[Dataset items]

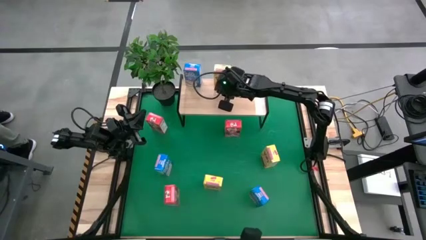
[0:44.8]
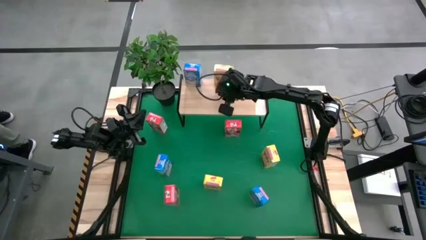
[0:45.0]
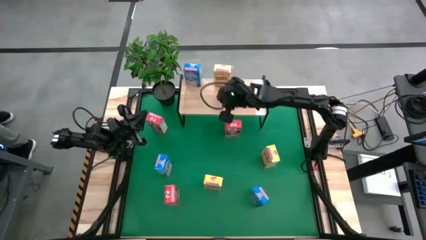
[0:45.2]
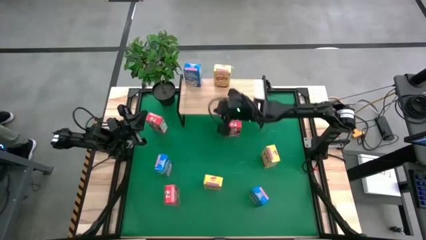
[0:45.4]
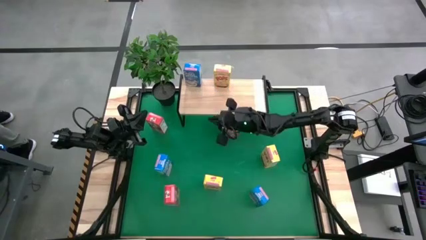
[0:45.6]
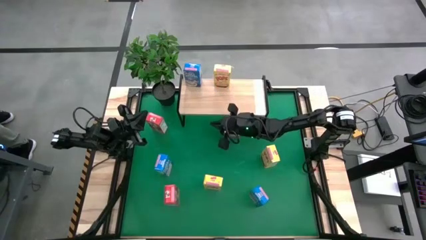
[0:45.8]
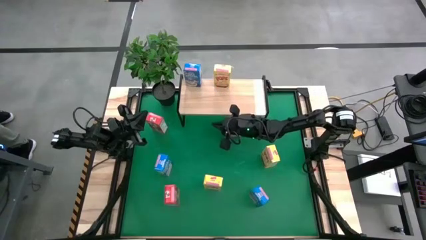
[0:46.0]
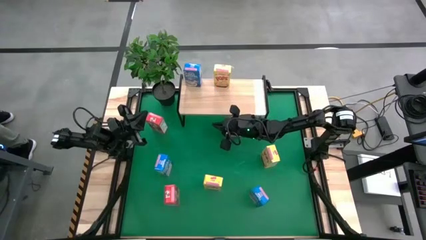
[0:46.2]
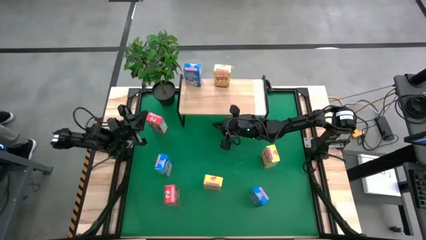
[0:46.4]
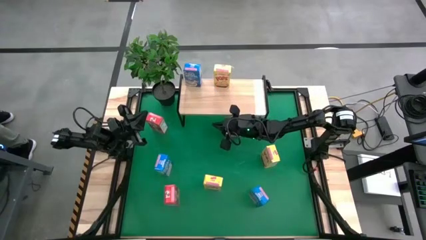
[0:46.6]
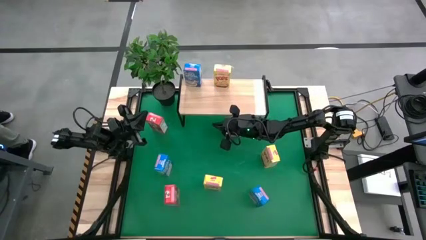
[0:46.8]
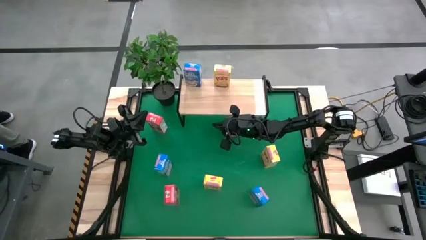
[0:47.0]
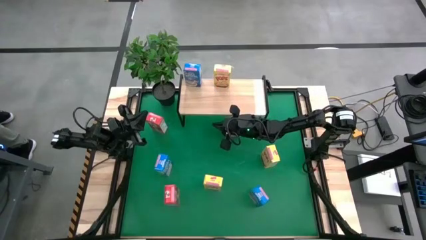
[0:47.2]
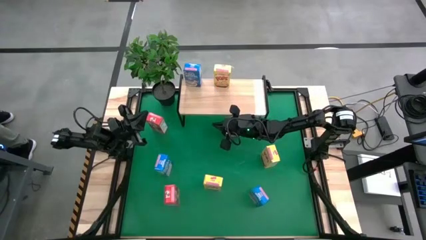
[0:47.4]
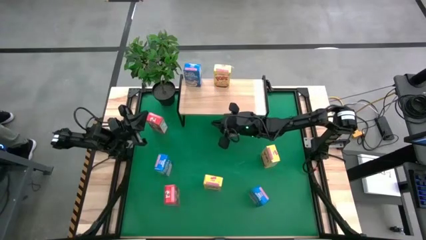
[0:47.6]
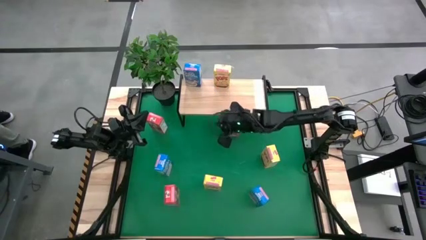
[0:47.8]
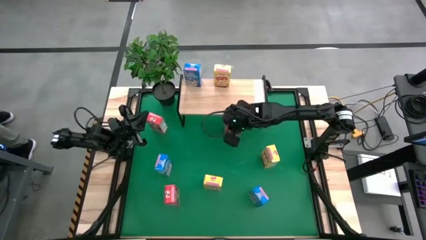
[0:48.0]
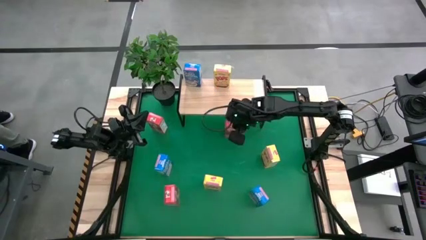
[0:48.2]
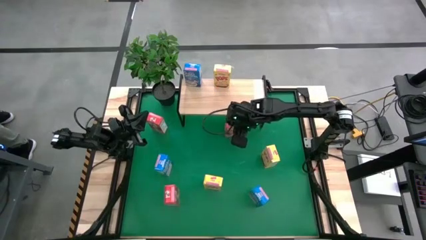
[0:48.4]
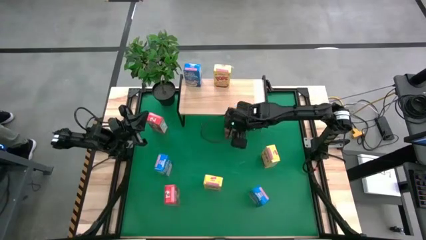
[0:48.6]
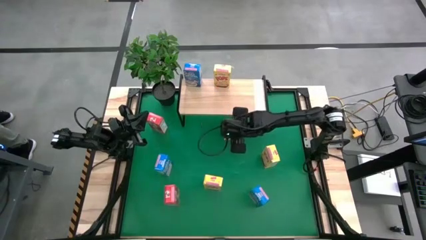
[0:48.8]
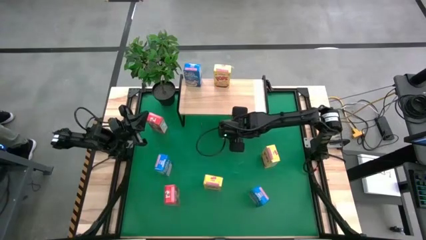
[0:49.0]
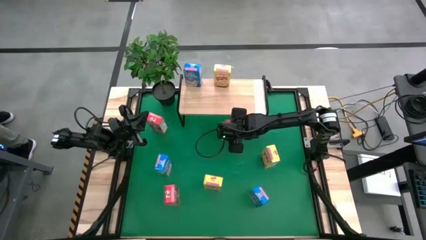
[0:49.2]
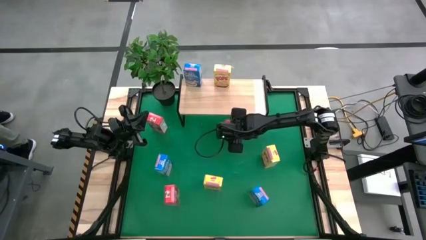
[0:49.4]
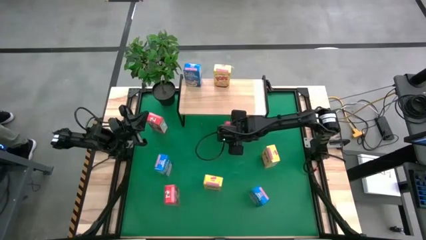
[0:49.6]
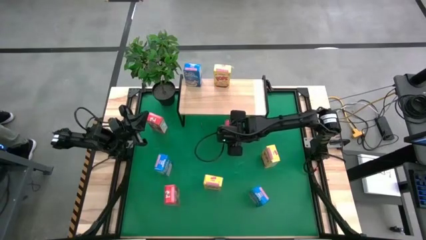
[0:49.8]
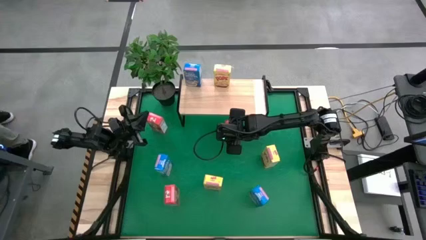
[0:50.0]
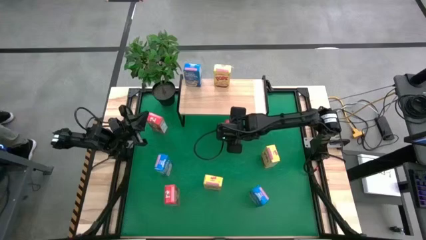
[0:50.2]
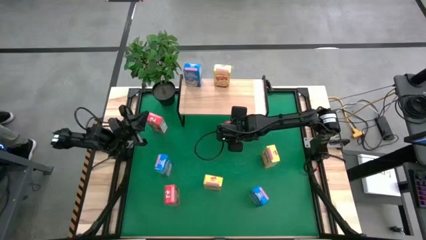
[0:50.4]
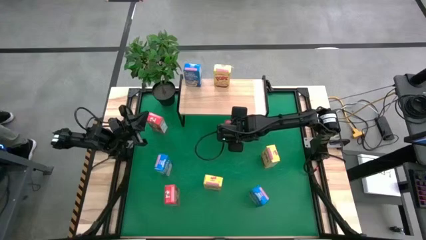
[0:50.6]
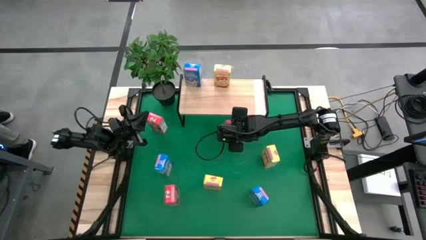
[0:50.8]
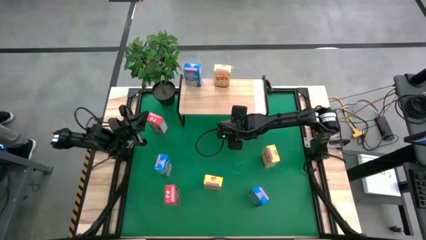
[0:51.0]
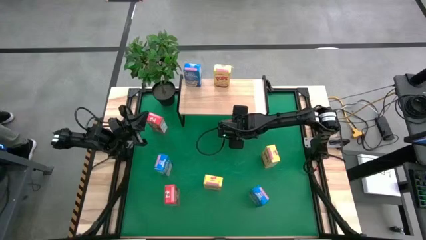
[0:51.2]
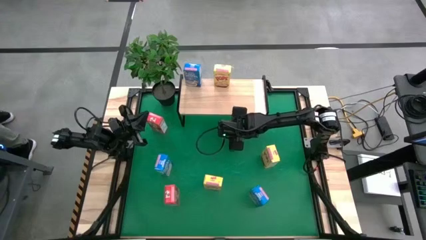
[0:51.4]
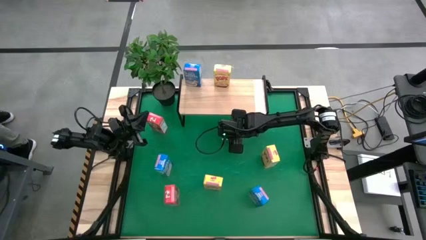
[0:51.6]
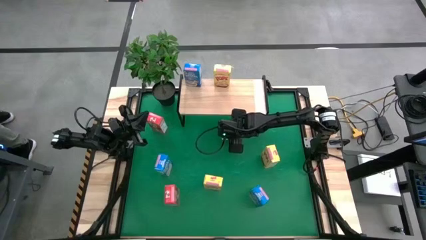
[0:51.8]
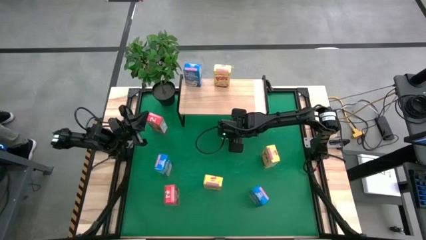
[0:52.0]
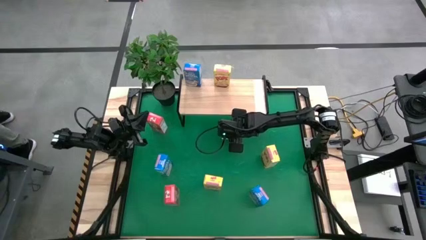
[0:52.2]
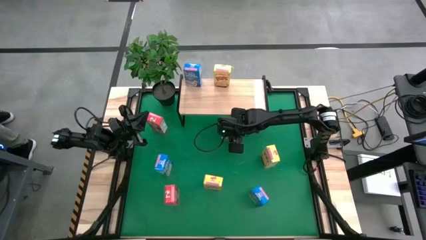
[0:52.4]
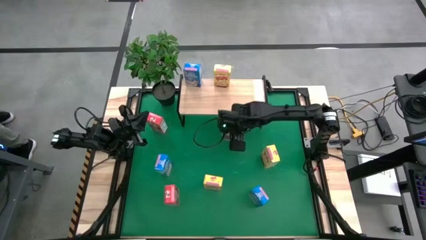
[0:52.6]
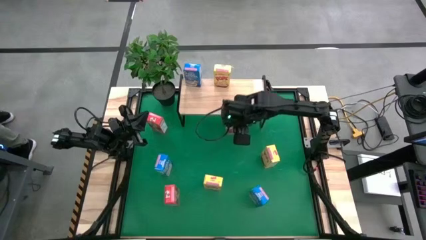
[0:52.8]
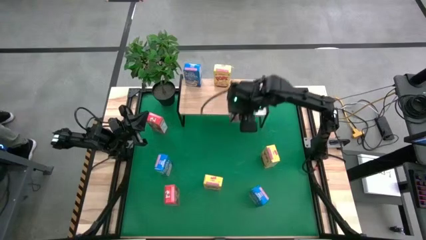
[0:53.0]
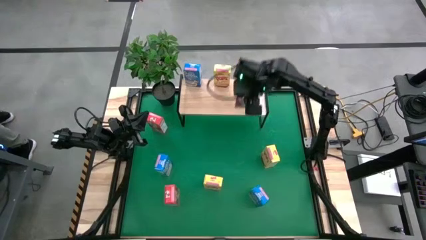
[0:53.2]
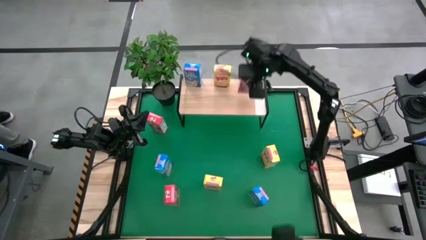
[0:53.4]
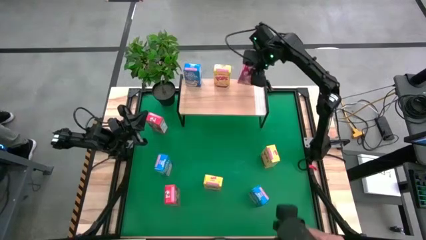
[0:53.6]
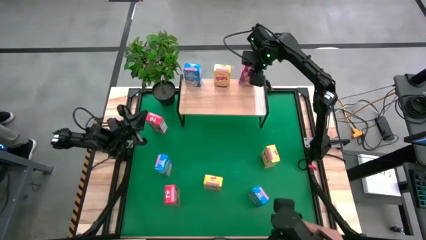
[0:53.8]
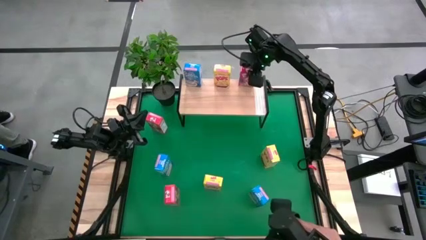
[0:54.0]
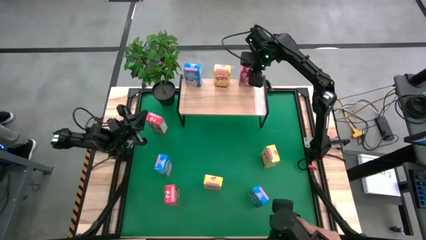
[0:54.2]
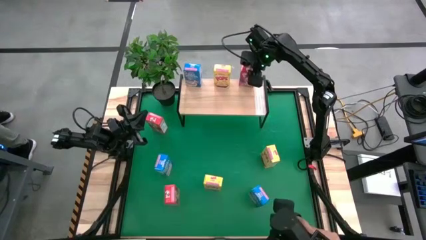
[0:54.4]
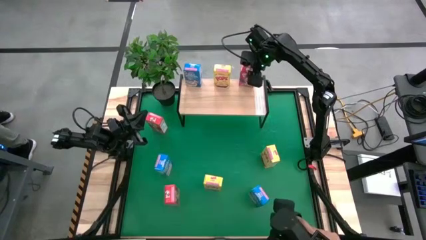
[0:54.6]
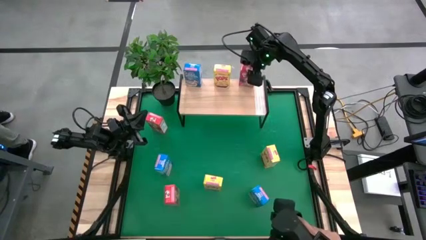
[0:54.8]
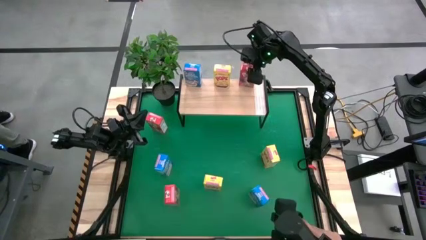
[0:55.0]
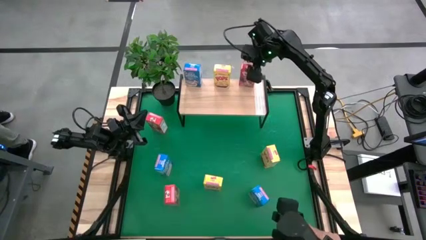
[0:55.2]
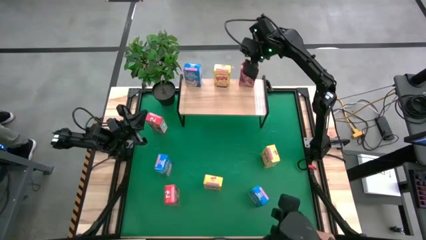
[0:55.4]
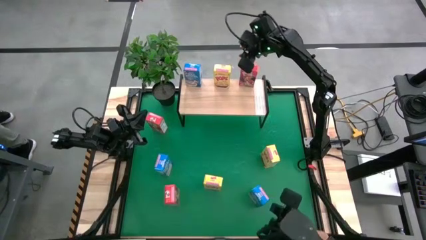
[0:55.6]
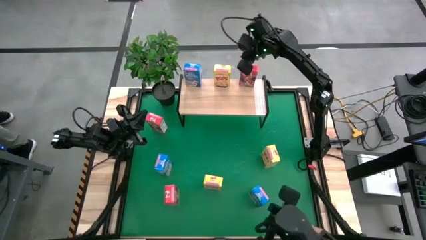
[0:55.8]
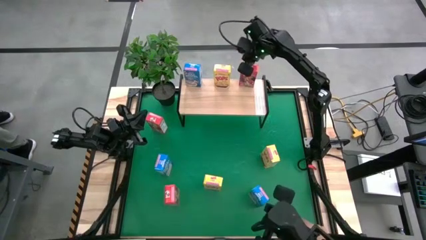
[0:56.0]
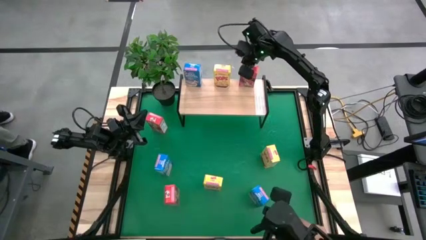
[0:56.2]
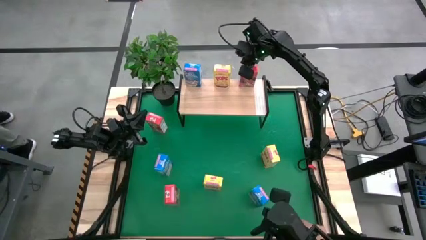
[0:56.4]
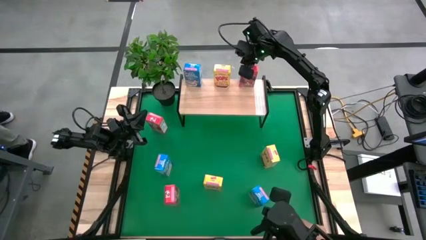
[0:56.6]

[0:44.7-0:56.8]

** TASK ITEM **
Each entry above is to be duplicated exactly, and its pictures omitted.

** ANSWER BELOW **
[0:44.8]
[0:45.0]
[0:45.2]
[0:45.4]
[0:45.6]
[0:45.8]
[0:46.0]
[0:46.2]
[0:46.4]
[0:46.6]
[0:46.8]
[0:47.0]
[0:47.2]
[0:47.4]
[0:47.6]
[0:47.8]
[0:48.0]
[0:48.2]
[0:48.4]
[0:48.6]
[0:48.8]
[0:49.0]
[0:49.2]
[0:49.4]
[0:49.6]
[0:49.8]
[0:50.0]
[0:50.2]
[0:50.4]
[0:50.6]
[0:50.8]
[0:51.0]
[0:51.2]
[0:51.4]
[0:51.6]
[0:51.8]
[0:52.0]
[0:52.2]
[0:52.4]
[0:52.6]
[0:52.8]
[0:53.0]
[0:53.2]
[0:53.4]
[0:53.6]
[0:53.8]
[0:54.0]
[0:54.2]
[0:54.4]
[0:54.6]
[0:54.8]
[0:55.0]
[0:55.2]
[0:55.4]
[0:55.6]
[0:55.8]
[0:56.0]
[0:56.2]
[0:56.4]
[0:56.6]

[0:44.7-0:56.8]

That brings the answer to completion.